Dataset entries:
►
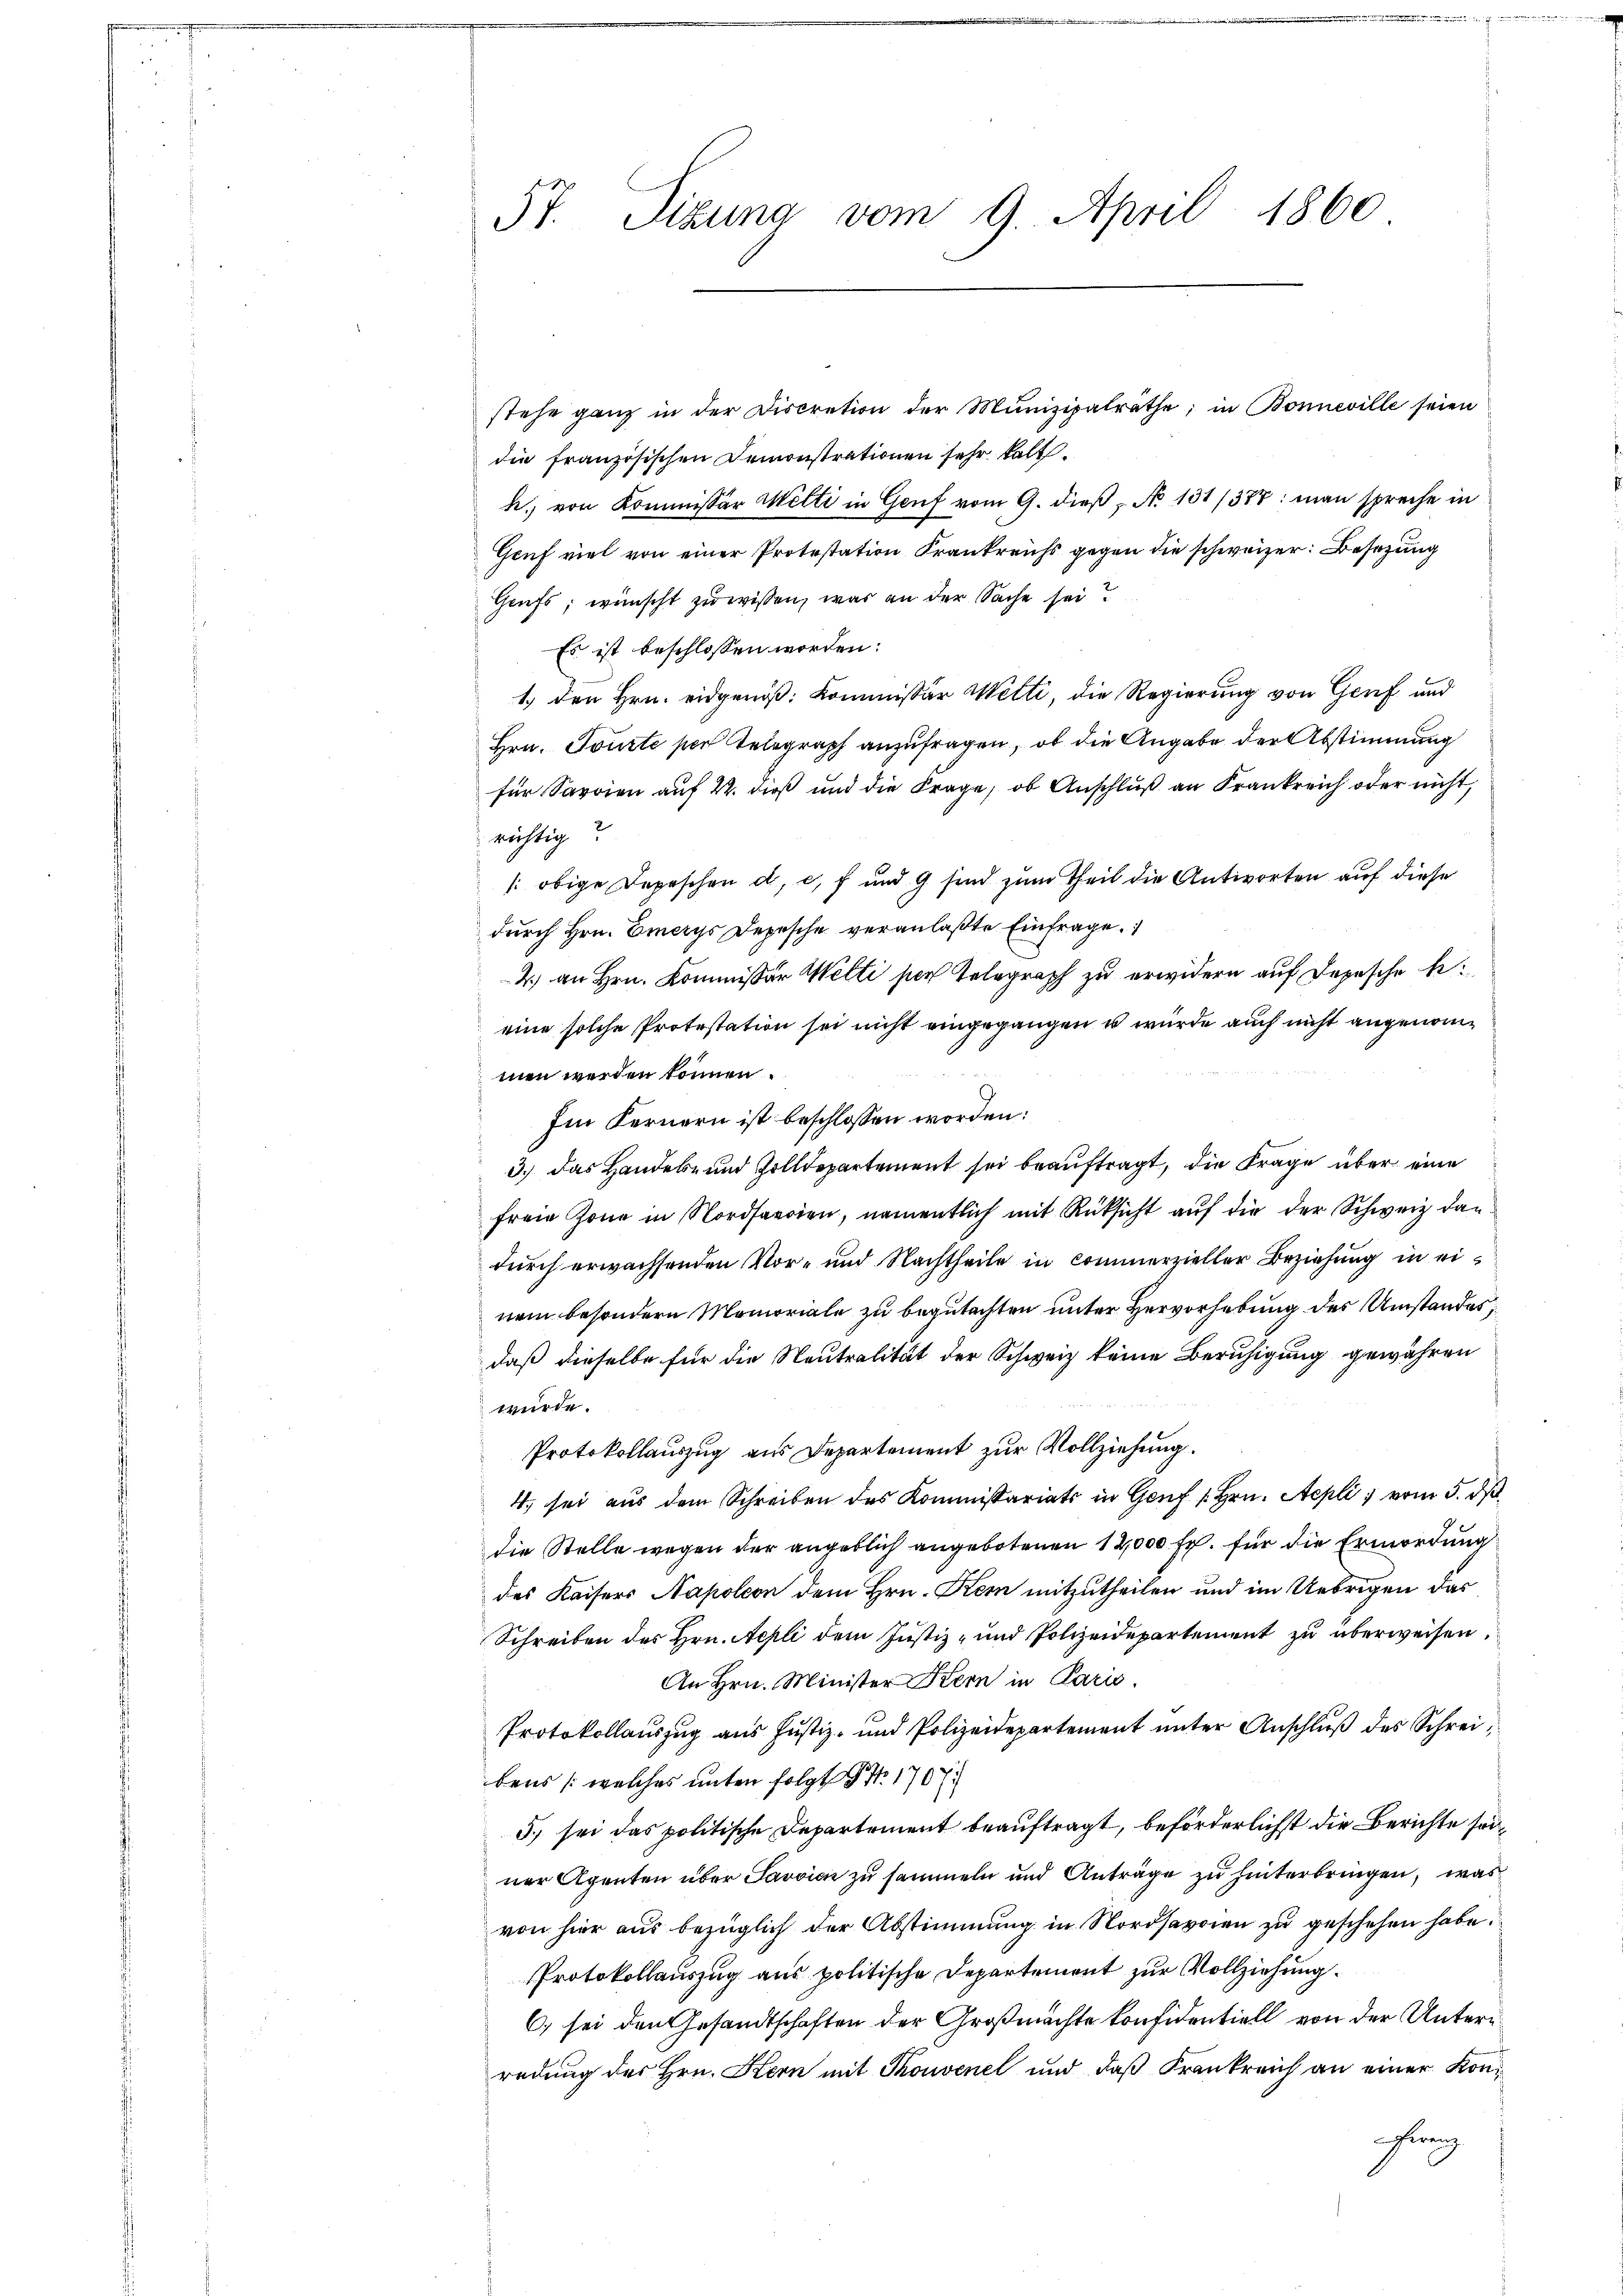
St. Sizung vom 9. April 1860

stehe ganz in der Discretion der Munizipalräthe, in Bonneville seien
die französischen Demonstrationen sehr kalt.
h. von Kommissor Welti in Genf vom 9. dieß, No 131/377: man spreche in
Geuf viel von einer Protestation Krankreis gegen die schweizer Besetzung
Grufs, wünscht zu wissen, was an der Sache sei?
Es ist beschlossen worden:
1.) Den Hrn. eidgenöß: Kommissär Wetti, die Regierung von Genf und
Hrn. Tourte per Telegraph anzufragen, ob die Angabe der Abstimmung
für Sardien auf 22. dieß und die Frage, ob Anschluß an Krankreich oder nicht,
richtig?
/ obige Depeschen d. c. f und 9 sind zum Theil die Antworten auf diese
durch Hrn. Emerys Depesche veranlaßte Einfrage.
4) an Hrn. Kommissor Welti per Telegraph zu erwidern auf Depesche beeine solche Protestation sei nicht eingegangen u wurde auch nicht angenommen werden können.
Ein Kernern ist beschlossen worden:
3.) Das Handel- und Zolldepartement sei beauftragt, die Frage über eine
freie Zone in Nordseeien, namentlich mit Rüksicht auf die der Schweiz dandurch erwachsenden Vor- und Nachtheile in commerzieller Beziehung in einem besondern Memoriale zu begutachten unter Hervorhebung der Umstandes,
daß dieselbe für die Neutralität der Schweiz keine Beruhigung gewähren
würde.
Protokollauszug aus Departement zur Vollziehung.
4. sei aus dem Schreiben des Kommissariats in Genf 1. Hrn. Aepli vom 5. ds
die Stelle wegen der angeblich angebotenen 12,000 Fr. für die Ermordung
des Kaisers Napoleon dem Hrn. Kein mitzutheilen und im Uebrigen das
Schreiben des Hrn. Aepli dem Justiz- und Polizeidepartement zu überweisen.
An Hrn. Minister Stern in Paris
Protokollauszug aus Justiz- und Polizeidepartement unter Anschluß des Schreibens (welches unter folgt S. 1707.
3) sei das politische Departement beauftragt, beförderlichst die Berichte seiner Agenten über Savvici zu sammeln und Anträge zu hinterbringen, was
von hier aus bezüglich der Abstimmung in Nordsavoien zu geschehen habe.
Protokollauszug aus politische Departement zur Vollziehung.
6) sei den Gesandtschaften der Großmachte konfidentiell von der Unternredung des Hrn. Hern mit Thonvenel und daß Frankreich an einer Konung
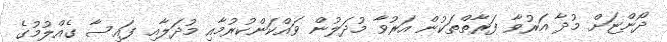
ދޯންޏަށް މުދާ އަރުވާ ފަރާތްތަކުން އަރުވާ މުދަލުން ވައްކަންކުރުމާއި މުދަލާއި ފައިސާ ގެއްލުމުގެ
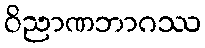
ဝိညာဏဘာဂဿ
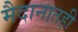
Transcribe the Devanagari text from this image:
मैदानातही
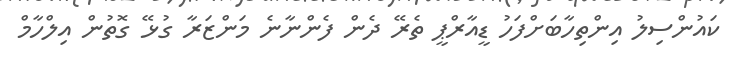
ކައުންސިލު އިންތިހާބަށްފަހު ޑީއާރްޕީ ތެރޭ ދެން ފެންނާނެ މަންޒަރާ ގުޅޭ ގޮތުން އިލްހާމް
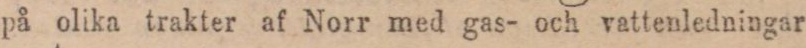
på olika trakter af Norr med gas- och vattenledningar
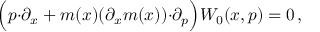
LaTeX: \Bigl ( p { \cdot } \partial _ { x } + m ( x ) ( \partial _ { x } m ( x ) ) { \cdot } \partial _ { p } \Bigr ) { \cal W } _ { 0 } ( x , p ) = 0 \, ,
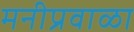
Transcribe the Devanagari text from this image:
मनीप्रवाळा
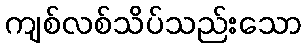
ကျစ်လစ်သိပ်သည်းသော
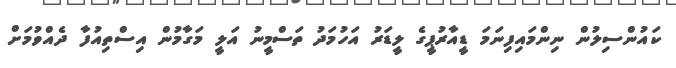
◄
**TASK STATEMENT**:
Send back an exact copy of only the lines from the line with "Grufs, wünscht zu" up to and including the line with "Protokollauszug aus politische" in the data above.

**EXERCISE RESULT**:
Grufs, wünscht zu wissen, was an der Sache sei?
Es ist beschlossen worden:
1.) Den Hrn. eidgenöß: Kommissär Wetti, die Regierung von Genf und
Hrn. Tourte per Telegraph anzufragen, ob die Angabe der Abstimmung
für Sardien auf 22. dieß und die Frage, ob Anschluß an Krankreich oder nicht,
richtig?
/ obige Depeschen d. c. f und 9 sind zum Theil die Antworten auf diese
durch Hrn. Emerys Depesche veranlaßte Einfrage.
4) an Hrn. Kommissor Welti per Telegraph zu erwidern auf Depesche beeine solche Protestation sei nicht eingegangen u wurde auch nicht angenommen werden können.
Ein Kernern ist beschlossen worden:
3.) Das Handel- und Zolldepartement sei beauftragt, die Frage über eine
freie Zone in Nordseeien, namentlich mit Rüksicht auf die der Schweiz dandurch erwachsenden Vor- und Nachtheile in commerzieller Beziehung in einem besondern Memoriale zu begutachten unter Hervorhebung der Umstandes,
daß dieselbe für die Neutralität der Schweiz keine Beruhigung gewähren
würde.
Protokollauszug aus Departement zur Vollziehung.
4. sei aus dem Schreiben des Kommissariats in Genf 1. Hrn. Aepli vom 5. ds
die Stelle wegen der angeblich angebotenen 12,000 Fr. für die Ermordung
des Kaisers Napoleon dem Hrn. Kein mitzutheilen und im Uebrigen das
Schreiben des Hrn. Aepli dem Justiz- und Polizeidepartement zu überweisen.
An Hrn. Minister Stern in Paris
Protokollauszug aus Justiz- und Polizeidepartement unter Anschluß des Schreibens (welches unter folgt S. 1707.
3) sei das politische Departement beauftragt, beförderlichst die Berichte seiner Agenten über Savvici zu sammeln und Anträge zu hinterbringen, was
von hier aus bezüglich der Abstimmung in Nordsavoien zu geschehen habe.
Protokollauszug aus politische Departement zur Vollziehung.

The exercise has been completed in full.